Data items
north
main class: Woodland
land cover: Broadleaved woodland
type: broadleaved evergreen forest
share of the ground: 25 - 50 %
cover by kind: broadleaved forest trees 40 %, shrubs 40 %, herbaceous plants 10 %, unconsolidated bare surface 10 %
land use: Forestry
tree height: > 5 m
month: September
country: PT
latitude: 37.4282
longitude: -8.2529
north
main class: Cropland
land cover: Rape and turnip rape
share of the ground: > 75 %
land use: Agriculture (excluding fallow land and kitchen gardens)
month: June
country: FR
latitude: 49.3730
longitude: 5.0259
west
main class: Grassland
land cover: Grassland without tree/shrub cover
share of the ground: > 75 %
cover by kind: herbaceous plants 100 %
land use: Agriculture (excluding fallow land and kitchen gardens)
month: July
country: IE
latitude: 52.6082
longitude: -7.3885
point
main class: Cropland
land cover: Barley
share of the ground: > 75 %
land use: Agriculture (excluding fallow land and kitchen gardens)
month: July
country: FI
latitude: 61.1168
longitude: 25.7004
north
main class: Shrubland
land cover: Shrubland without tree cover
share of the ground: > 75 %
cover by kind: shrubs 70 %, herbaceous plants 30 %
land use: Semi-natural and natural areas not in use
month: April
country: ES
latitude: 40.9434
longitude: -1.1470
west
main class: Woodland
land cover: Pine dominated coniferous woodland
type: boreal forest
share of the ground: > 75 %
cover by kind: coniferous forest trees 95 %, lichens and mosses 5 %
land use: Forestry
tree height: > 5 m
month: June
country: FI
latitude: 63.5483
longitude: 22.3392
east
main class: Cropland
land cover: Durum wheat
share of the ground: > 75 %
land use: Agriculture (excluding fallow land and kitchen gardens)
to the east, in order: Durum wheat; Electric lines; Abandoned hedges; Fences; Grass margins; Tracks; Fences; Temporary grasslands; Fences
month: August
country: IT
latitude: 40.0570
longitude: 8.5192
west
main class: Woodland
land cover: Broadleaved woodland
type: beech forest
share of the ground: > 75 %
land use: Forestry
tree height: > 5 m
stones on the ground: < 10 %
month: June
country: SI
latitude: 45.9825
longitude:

How to complete this task: Retype exactly the line with "latitude: 40.9434" and each line after it until the records end, and include no other line.

Exercise response:
latitude: 40.9434
longitude: -1.1470
west
main class: Woodland
land cover: Pine dominated coniferous woodland
type: boreal forest
share of the ground: > 75 %
cover by kind: coniferous forest trees 95 %, lichens and mosses 5 %
land use: Forestry
tree height: > 5 m
month: June
country: FI
latitude: 63.5483
longitude: 22.3392
east
main class: Cropland
land cover: Durum wheat
share of the ground: > 75 %
land use: Agriculture (excluding fallow land and kitchen gardens)
to the east, in order: Durum wheat; Electric lines; Abandoned hedges; Fences; Grass margins; Tracks; Fences; Temporary grasslands; Fences
month: August
country: IT
latitude: 40.0570
longitude: 8.5192
west
main class: Woodland
land cover: Broadleaved woodland
type: beech forest
share of the ground: > 75 %
land use: Forestry
tree height: > 5 m
stones on the ground: < 10 %
month: June
country: SI
latitude: 45.9825
longitude:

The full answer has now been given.